Since then the 12-mile structure that runs across the Kerch Strait has provided an essential link to the peninsula.

“An undisguised terrorist war is being waged against us. Moreover, the long-announced terrorist attack on the Crimean Bridge is no longer just a challenge, it is a declaration of war without rules,” Oleg Morozov, a member of the Russian Parliament, told the RIA news agency. “If we remain silent in response and do not give an adequate response, then such attacks will multiply,” he said.

In a separate interview with Ria, Alexander Bashkin, a Russian senator, said Russia “will give an adequate, conscious and, possibly, asymmetric response to this daring blow.”

“Politically it’s a big kick in the guts for Putin the day after his birthday,” Mick Ryan, a military strategist and former major general in the Australian army, told NBC News by phone Saturday. 

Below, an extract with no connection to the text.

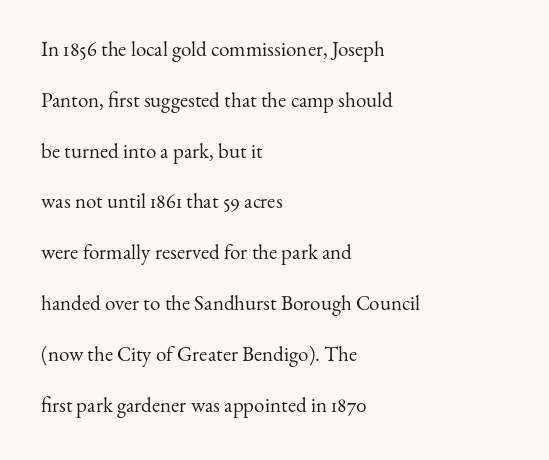
The image shows 21 px text type, upright; set left-aligned, loose line spacing (2.42x), normal letter spacing, not underlined.

“It shows that Russia can’t defend all these provinces that it annexed just recently, including Crimea,” Ryan said.

He also said that the bridge was an important supply route for newly mobilized troops and ammunition and civilian necessities coming into Crimea. Wounded troops and broken weaponry were also transported back to Russia across the bridge, he said. 

The explosion will likely ramp up the pressure on Putin, whose forces have conceded ground in recent weeks as Ukraine liberated formerly occupied eastern towns such as Lyman, in the Donetsk province. This came after successive battlefield failures forced him to announce a partial mobilization at the end of September.

The most profound effect of the explosion would be the psychological impact it could have on everyday Russians watching at home, said Keir Giles, a senior consulting fellow at Chatham House, a London think tank.

“Russia will find it even harder to generate support for the war among the young men it is trying to mobilize to fight it,” he said. “Instead of spinning the facts, they are now spinning out of control.”

The direct operational impact “will depend on the extent of the damage and how much resupply of Crimea can shift to any alternative means of reaching the peninsula,” he said.

Ryan said that the bridge was “a symbol of [Putin’s] takeover of Crimea, and it’s a symbol that Ukrainians are intending to take it back.”